İkincisi ise örgütü eleştirirken Kürdistanî çizgide duran parti, şahsiyet ve kurumları da eleştirerek yapay bir denge kurmaya çalışanlardı. Bu sahte denge dili, hem gerçeği muğlaklaştırmakta hem de PKK’nin hegemonik pozisyonunu zımnen meşrulaştırmaktaydı.
Oysa gerçek aydın, tarafsız değil ilkelidir. Bu nedenle halkın hakikatini saptıran her yapıya eşit mesafede değil; doğrudan karşısında durmalıdır.
Ancak 1990 sonrası şekillenen entelektüel yapı, bu ilkesel duruştan çok, ilişkisel dengeler üzerine kuruldu. Bu da aydın kavramının içini boşaltarak onu bir pozisyon alma aracı hâline getirdi.
Benzer bir süreç Avrupa diasporasında da yaşandı. Avrupa’ya göç eden Kürtlerin içinden çıkan entelektüel çevreler, başlangıçta baskıdan kaçan, sürgün edilmiş ve fikir özgürlüğü arayışındaki kişilerden oluşuyordu. Ancak zamanla bu çevrelerde de benzer bir sahte aydın profili oluşmaya başladı.

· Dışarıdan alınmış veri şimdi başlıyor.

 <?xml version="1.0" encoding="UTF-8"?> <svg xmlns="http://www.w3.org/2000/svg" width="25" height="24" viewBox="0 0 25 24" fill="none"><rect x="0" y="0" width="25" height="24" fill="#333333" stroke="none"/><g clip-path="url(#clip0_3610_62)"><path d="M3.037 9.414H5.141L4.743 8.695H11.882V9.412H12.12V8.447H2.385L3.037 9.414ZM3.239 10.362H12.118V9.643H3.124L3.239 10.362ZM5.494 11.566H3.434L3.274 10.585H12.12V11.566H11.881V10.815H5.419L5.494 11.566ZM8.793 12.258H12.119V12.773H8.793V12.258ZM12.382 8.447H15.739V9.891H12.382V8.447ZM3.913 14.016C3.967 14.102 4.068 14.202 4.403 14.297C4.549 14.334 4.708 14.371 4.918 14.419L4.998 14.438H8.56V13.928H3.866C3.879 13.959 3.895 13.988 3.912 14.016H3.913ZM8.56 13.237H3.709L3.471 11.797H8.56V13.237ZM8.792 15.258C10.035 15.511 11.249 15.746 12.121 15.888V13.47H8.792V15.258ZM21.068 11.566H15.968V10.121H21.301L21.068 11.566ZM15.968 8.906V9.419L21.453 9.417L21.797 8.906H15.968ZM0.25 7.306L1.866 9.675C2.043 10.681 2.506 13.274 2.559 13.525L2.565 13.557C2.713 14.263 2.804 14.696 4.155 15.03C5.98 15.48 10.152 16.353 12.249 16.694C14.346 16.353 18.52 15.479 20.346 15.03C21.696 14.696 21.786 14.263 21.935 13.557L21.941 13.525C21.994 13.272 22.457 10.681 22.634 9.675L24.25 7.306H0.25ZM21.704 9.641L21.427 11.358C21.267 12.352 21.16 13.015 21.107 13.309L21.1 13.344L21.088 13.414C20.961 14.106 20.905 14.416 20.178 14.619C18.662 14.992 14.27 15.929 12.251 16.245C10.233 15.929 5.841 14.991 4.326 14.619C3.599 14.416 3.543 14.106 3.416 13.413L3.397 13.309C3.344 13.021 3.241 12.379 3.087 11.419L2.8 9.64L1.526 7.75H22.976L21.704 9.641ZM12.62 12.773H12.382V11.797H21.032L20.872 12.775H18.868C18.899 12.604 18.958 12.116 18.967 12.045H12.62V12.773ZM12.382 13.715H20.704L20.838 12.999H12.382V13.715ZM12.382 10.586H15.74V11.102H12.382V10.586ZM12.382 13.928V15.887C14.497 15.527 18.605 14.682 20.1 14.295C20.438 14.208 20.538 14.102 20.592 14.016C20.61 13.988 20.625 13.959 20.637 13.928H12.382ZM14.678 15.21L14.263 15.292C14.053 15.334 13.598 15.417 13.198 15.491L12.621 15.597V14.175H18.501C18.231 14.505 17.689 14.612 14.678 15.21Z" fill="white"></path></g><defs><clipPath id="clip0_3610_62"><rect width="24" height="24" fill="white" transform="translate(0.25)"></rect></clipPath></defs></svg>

Akademik üretimi kariyer malzemesi olarak gören, halktan ve ulusal mücadeleden kopuk, postmodern söylemlerle Kürt gerçekliğini törpüleyen bir entelektüel tipi ortaya çıktı. Özellikle Batı üniversitelerinde pozisyon kazanan bazı Kürt aydınları, PKK ve devlet arasında denge kuran, etnik kimliği kültürel bir folklora indirgeme’ye çalışan, hakikati ideolojik kabuklarla örten söylemler geliştirdiler.
Bu aydınlar genellikle ulusal bağımsızlık fikrine mesafeli, kimlik mücadelesi’ni liberal değerlerle sınırlayan ve Kürt meselesini evrensel dokularla soğutarak yerel gerçeklikten koparan pozisyonlar aldılar.
Bu durum, Avrupa’daki entelektüel sahayı da büyük oranda içi boş, halktan kopuk, sistemle uzlaşan bir alana dönüştürdü.
Gerçek entelektüel üretim yapan, halkla bağ kuran ve bedel ödemeyi göze alan isimler ise bu yapı içinde ya marjinalleştirildi ya da sistematik olarak görmezden gelindi.
Böylece Kürt entelijansiyasının tarihsel sürekliliğinde karşımıza çıkan temel eğilim; yani iktidarlarla uzlaşma, halktan kopukluk, hakikatten ödün verme ve entelektüel sorumluluktan kaçma hali, sadece coğrafya değil zaman da aşarak bugüne taşınmış oldu.
Sorun yalnızca eksik bilgi değil; eksik ahlâk’tır. Ve eksik ahlâk, ne kadar çok kitapla örtülse de, halkın bilincinde daima çıplak kalır.
Tarihini araştırmadan sürüsünden kopmuş bir koyun gibi sömürgecisinin peşinde koşan Kürt aydınları, halkımızı da düşmanına maalesef âşık hale getirmiştir. Bu zihinsel tahribat, yalnızca halkın yönünü değil, umutlarını da bulandırmıştır.
Fakat ...
tek umut, kendi köklerini tanıyan, korkusuz ve ilkesel bir duruşla yetişen yeni Kürt gençliğidir.
Onlar ...
geçmişin kırılmalarını onaracak, vizyonu yeniden kuracak kudrete sahiptir.
Mutlaka kazanacağız.
Çünkü ...
bir aydının en büyük korkusu yalnız kalma düşüncesine kapılmasıdır; oysa gerçek aydın, yalnız kalmaktan korkmamalıdır.
Hakikat yolculuğu çoğu zaman tek başına yürünür ve bu yalnızlık, onurun en saf biçimidir.